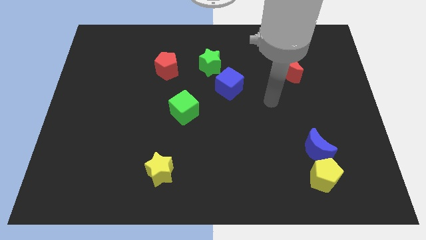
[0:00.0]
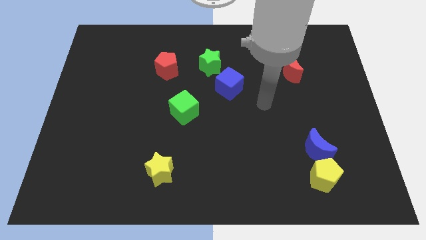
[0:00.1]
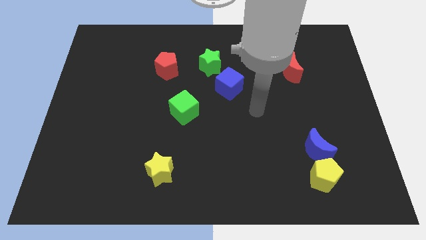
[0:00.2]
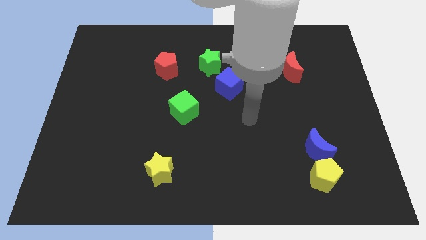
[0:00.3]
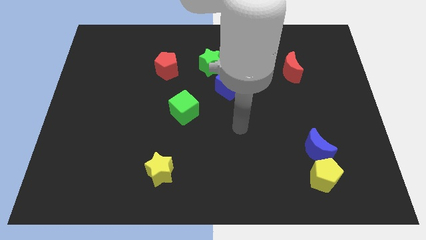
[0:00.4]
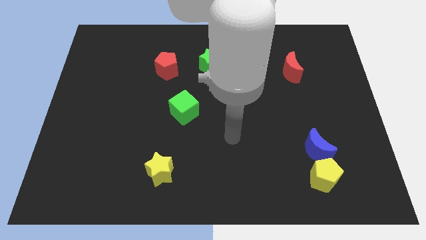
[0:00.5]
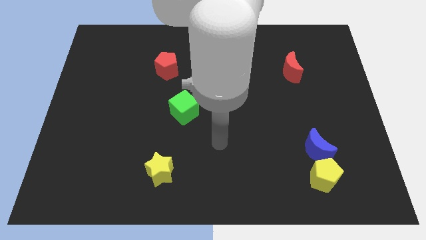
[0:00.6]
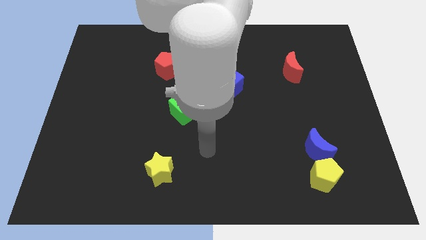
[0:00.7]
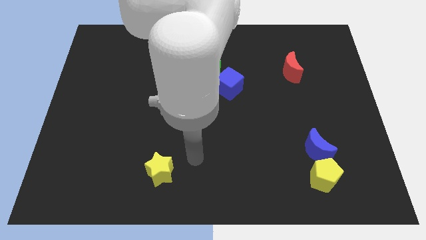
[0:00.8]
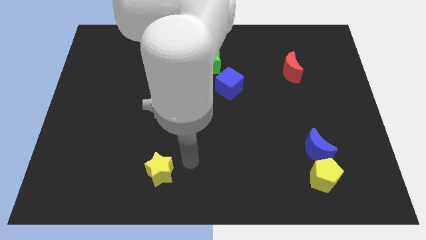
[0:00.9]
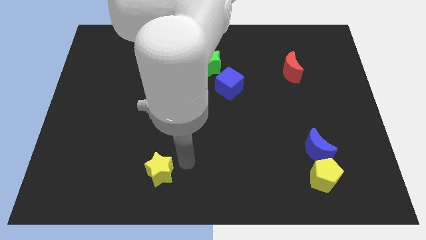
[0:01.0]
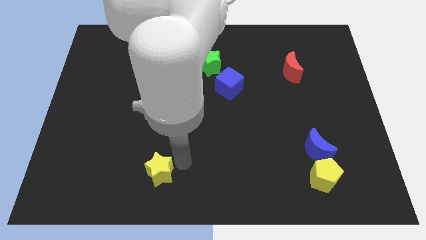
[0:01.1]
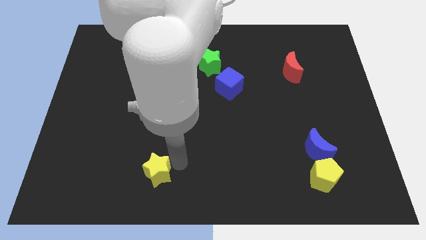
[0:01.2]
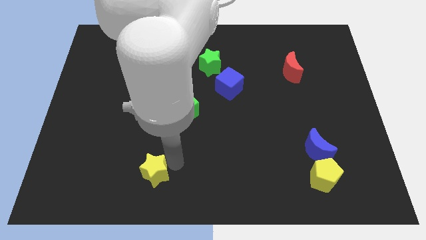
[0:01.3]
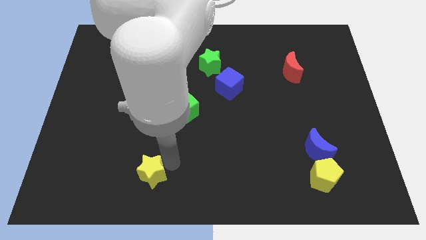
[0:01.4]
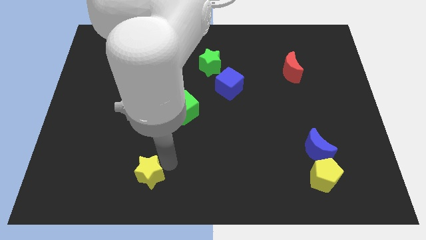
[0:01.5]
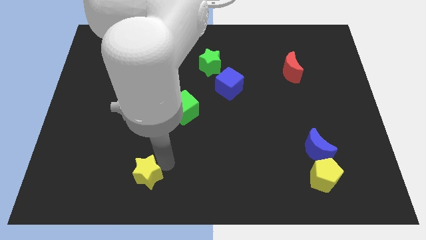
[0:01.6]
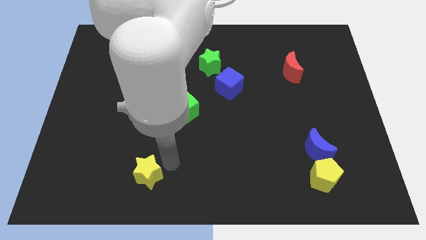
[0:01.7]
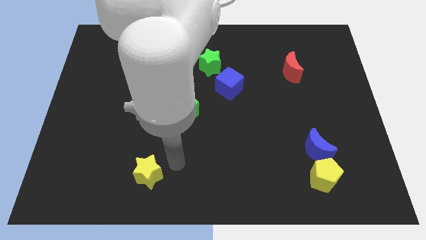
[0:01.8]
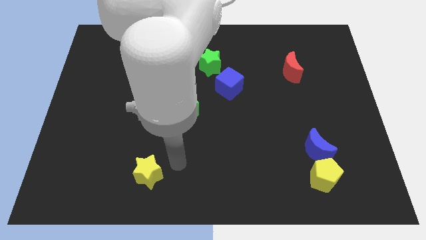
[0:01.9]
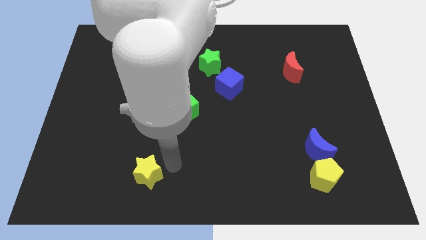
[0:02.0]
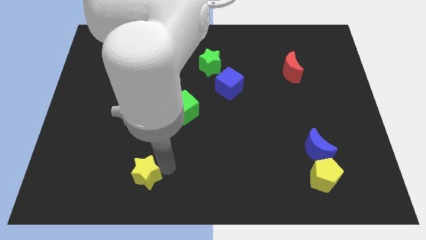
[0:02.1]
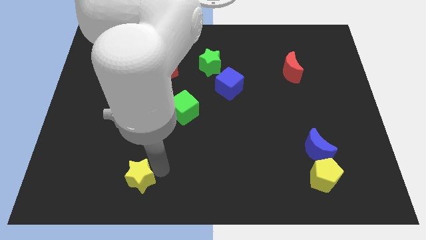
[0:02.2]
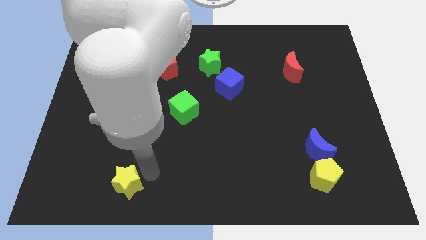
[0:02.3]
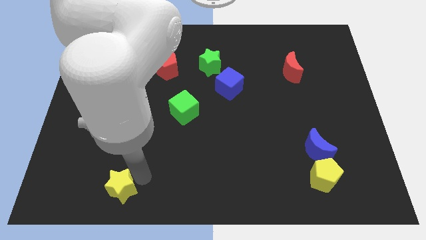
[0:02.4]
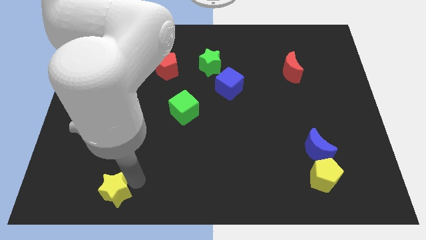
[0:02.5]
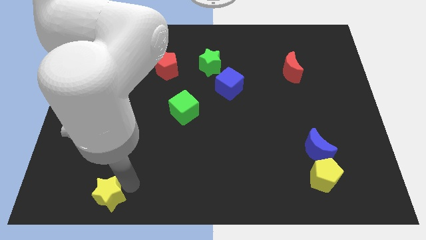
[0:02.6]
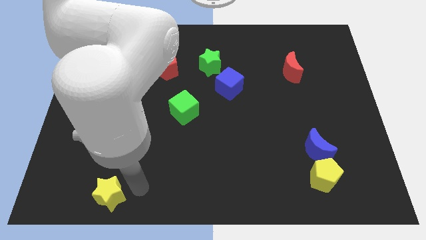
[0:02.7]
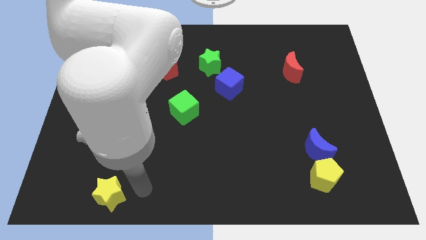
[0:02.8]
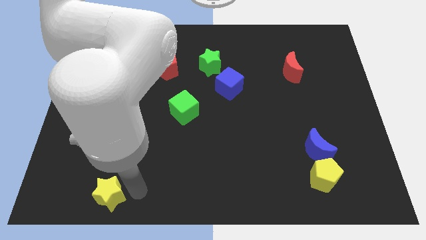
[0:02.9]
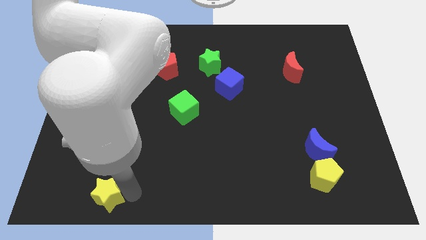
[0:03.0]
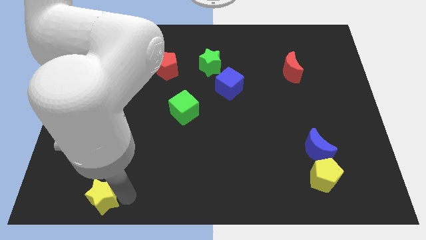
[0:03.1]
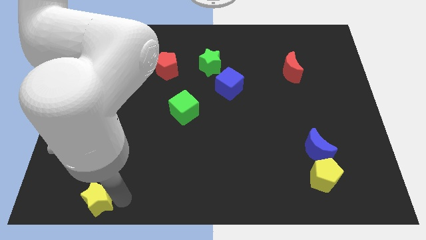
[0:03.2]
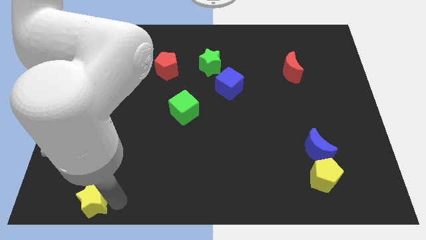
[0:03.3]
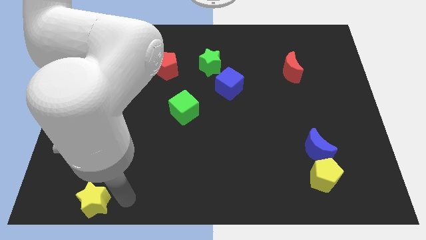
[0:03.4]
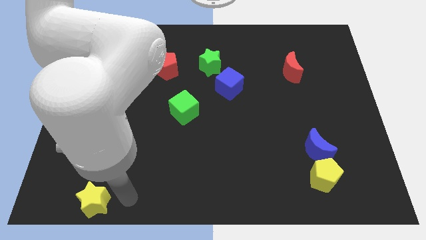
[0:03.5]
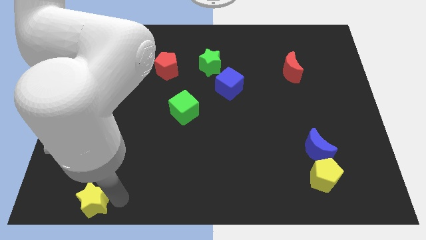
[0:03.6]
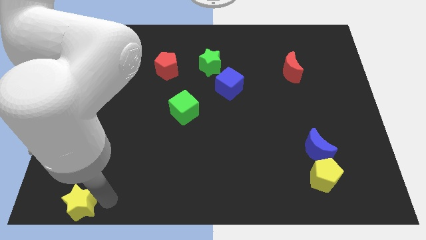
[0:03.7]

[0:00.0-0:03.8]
move the yellow star to the bottom left of the board

----

:: Task ::
Print the material in full and exactly; the pictures must not be printed.

:: Finished task ::
[0:00.0]
[0:00.1]
[0:00.2]
[0:00.3]
[0:00.4]
[0:00.5]
[0:00.6]
[0:00.7]
[0:00.8]
[0:00.9]
[0:01.0]
[0:01.1]
[0:01.2]
[0:01.3]
[0:01.4]
[0:01.5]
[0:01.6]
[0:01.7]
[0:01.8]
[0:01.9]
[0:02.0]
[0:02.1]
[0:02.2]
[0:02.3]
[0:02.4]
[0:02.5]
[0:02.6]
[0:02.7]
[0:02.8]
[0:02.9]
[0:03.0]
[0:03.1]
[0:03.2]
[0:03.3]
[0:03.4]
[0:03.5]
[0:03.6]
[0:03.7]

[0:00.0-0:03.8]
move the yellow star to the bottom left of the board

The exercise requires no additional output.